══ RECORDED DATA ══
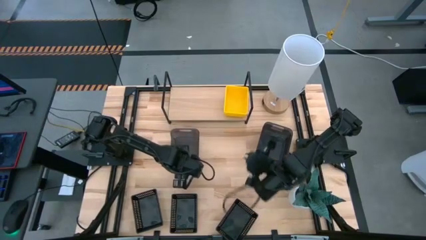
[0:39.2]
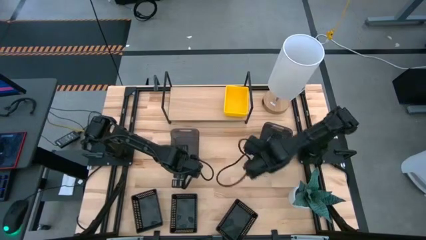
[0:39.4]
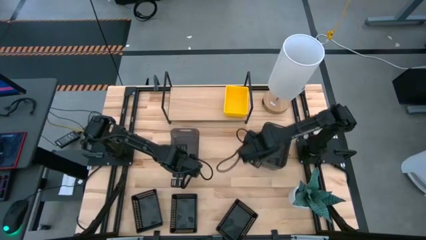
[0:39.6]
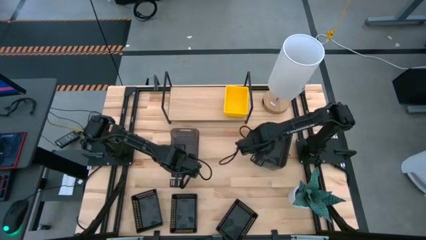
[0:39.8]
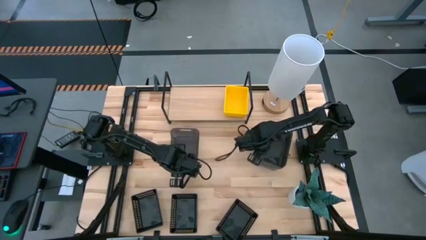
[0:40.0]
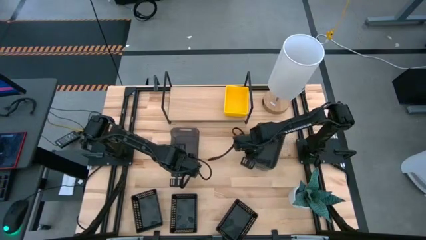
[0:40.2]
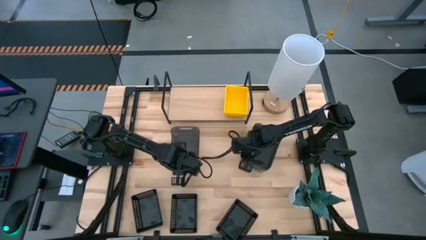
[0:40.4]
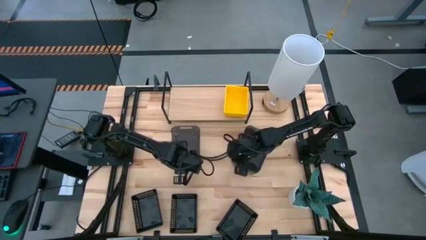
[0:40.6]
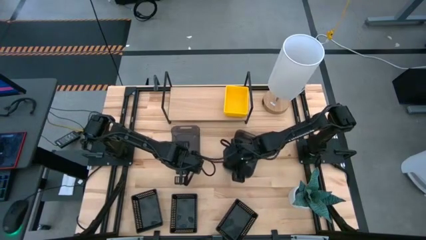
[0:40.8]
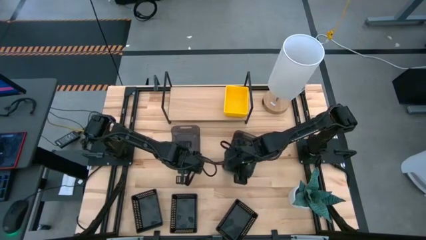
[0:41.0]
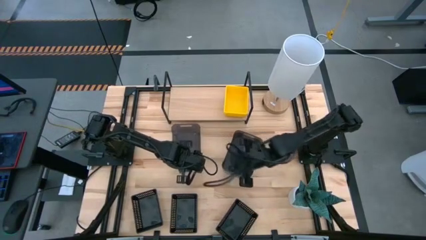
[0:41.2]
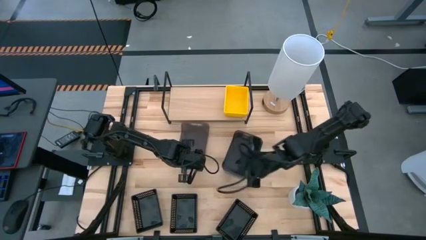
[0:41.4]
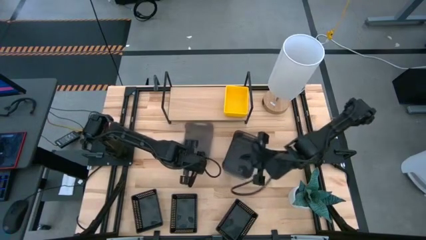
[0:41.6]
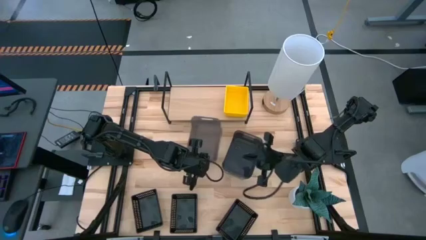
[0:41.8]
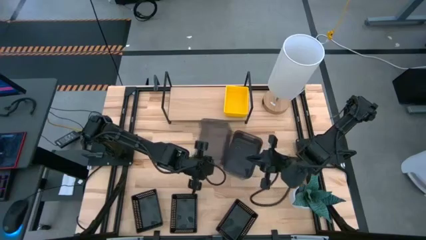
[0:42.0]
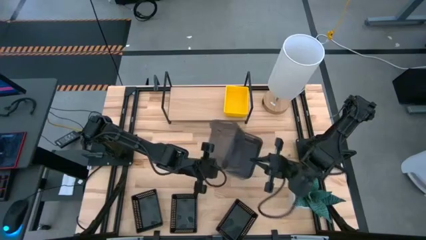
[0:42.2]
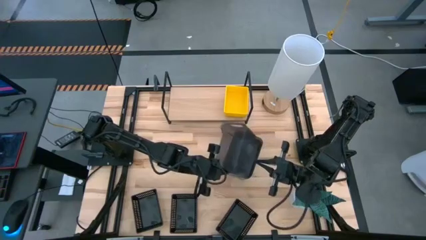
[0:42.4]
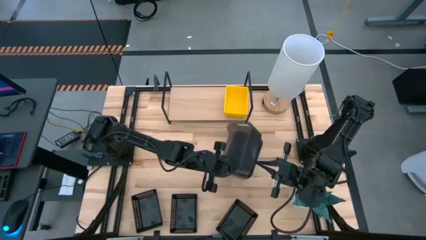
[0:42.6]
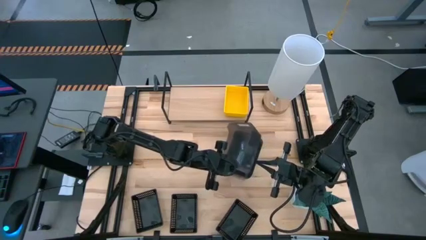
═══
YOUR GOAL
Your copy of the entries should be exact and free of pictures.

SOLVED PROBLEM
[0:39.2]
[0:39.4]
[0:39.6]
[0:39.8]
[0:40.0]
[0:40.2]
[0:40.4]
[0:40.6]
[0:40.8]
[0:41.0]
[0:41.2]
[0:41.4]
[0:41.6]
[0:41.8]
[0:42.0]
[0:42.2]
[0:42.4]
[0:42.6]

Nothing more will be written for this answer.